Red Hat acquires Cygnus
Red Hat acquired Cygnus Solutions on November 15, 1999 for $698 million. The goal of the merger was to create an open source powerhouse to accelerate and support the rapidly growing adoption of Red Hat Linux and open source solutions in enterprise and Internet applications and a new generation of post-PC-centric computing.
Red Hat Enterprise Linux
On February 22, 2000, Red Hat releases Red Hat Enterprise Linux (RHEL), a Linux distribution for the commercial market.
Novell acquires SuSE
Novell announced the acquisition of SuSE Linux AG on November, 4 2003, at a price of $210 million.

Canonical
Canonical is founded by Mark Shuttleworth to market commercial support and related services for Ubuntu.

Google acquires Android
Google acquired Android in July 2005 for at least $50 million.
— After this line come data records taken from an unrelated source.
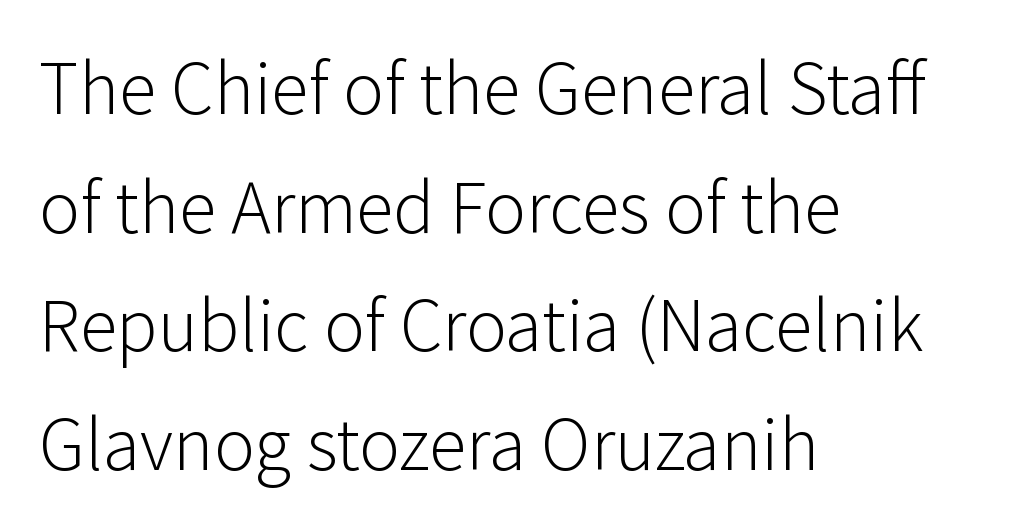
Q: Is the text bold? A: No.
Q: Is the text italic (slanted)? A: No, it is upright.
Q: Is the typeface a serif or a sans-serif typeface? A: Sans-serif.
Q: Is the text underlined? A: No.
Q: How is the paragraph aligned? A: Left-aligned.
Q: Is the spacing between letters normal or unusually wide? A: Normal.
Q: Is the spacing between lines tight, normal or loose? A: Normal.
Q: Width (condensed, normal, or wide)? A: Normal.
Q: Stroke contrast? A: Low.
Q: x-height? A: Medium.
Q: Monospaced? A: No.
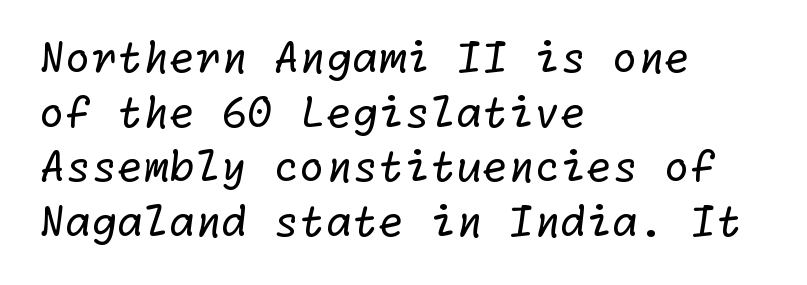
{"serif": "no", "bold": "no", "weight": "regular", "width": "normal", "stroke_contrast": "low", "x_height": "medium", "underline": "no", "align": "left", "line_spacing": "normal", "line_spacing_ratio": 1.3, "letter_spacing": "normal", "letter_spacing_em": 0.0, "glyph_px": 42}
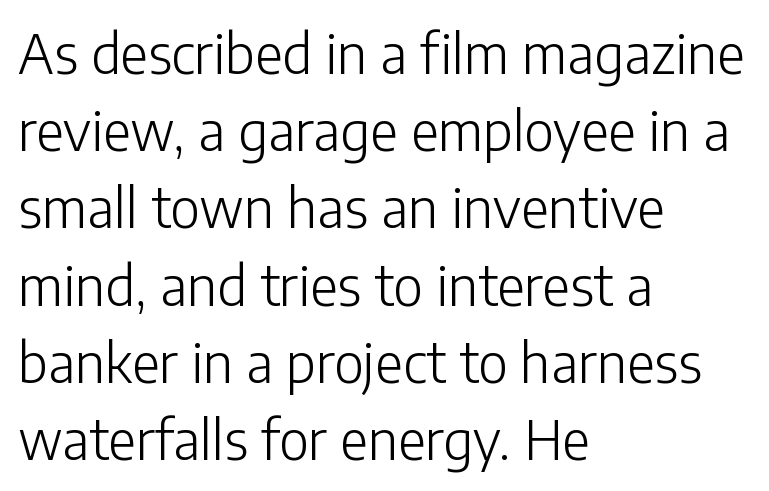
The image shows 54 px light sans-serif type, upright; set left-aligned, normal line spacing (1.43x), normal letter spacing, not underlined; low stroke contrast and a medium x-height.
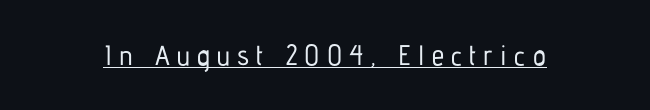
Q: Is the text italic (slanted)? A: No, it is upright.
Q: Is the typeface a serif or a sans-serif typeface? A: Sans-serif.
Q: Is the text underlined? A: Yes.
Q: Is the spacing between letters normal or unusually wide? A: Unusually wide.
Q: Width (condensed, normal, or wide)? A: Condensed.
Q: Stroke contrast? A: Low.
Q: x-height? A: Medium.
Q: Monospaced? A: No.

Two years after the sale, Google announced the Open Handset Alliance. In September 2008, Google released the first version of Android as open source.

Automattic
Automattic Inc. was founded in August 2005 by Matt Mullenweg, the founder of the WordPress project.

Open Invention Network
Open Invention Network (OIN) was founded on November 10, 2005 by IBM, Novell, Philips, Red Hat, and Sony. NEC subsequently became a Member. OIN's goal is to support freedom of action in Linux as a key element of open source software by creating a patent non-aggression community.

AWS
Amazon launches Amazon Web Services as a cloud computing platform.

Yahoo! releases Hadoop
Doug Cutting and Mike Cafarella released Hadoop on April 1, 2006. Hadoop provides a software framework for distributed storage and processing of big data using the MapReduce programming model. Hadoop was born at Yahoo! as a pioneering open-source project.

Red Hat acquires JBoss
On June 5, 2006, Red Hat acquired open-source middleware vendor JBoss for $350 million.

Sun releases OpenJDK
In 2006, Jonathan I. Schwartz became CEO of Sun Microsystems, and signalled his commitment to open source. On 8 May 2007, Sun Microsystems released the Java Development Kit as OpenJDK under the GNU General Public License.

Sun acquires MySQL
On January 16, 2008, Sun Microsystems acquired MySQL AB, owner of the popular open-source MySQL database for $1 billion.

GitHub
On February 8, 2008, the GitHub service was made available by Chris Wanstrath, P. J. Hyett, Tom Preston-Werner and Scott Chacon. GitHub offers distributed version control and source code management functionality of Git.

Google releases Chromium
Google released Chromium, its open-source browser project, so that developers can contribute to safer, faster browsing experiences. The project was based on WebKit, Apple’s own open-source browser engine.

Cloudera
Cloudera was founded in October 2008 by Christophe Bisciglia, Amr Awadallah, Jeff Hammerbacher, and Mike Olson. Cloudera started as a hybrid open-source Apache Hadoop distribution that targeted enterprise-class deployments of that technology.

Oracle acquires Sun
On April 20, 2009, Oracle acquired Sun for $5.6 billion.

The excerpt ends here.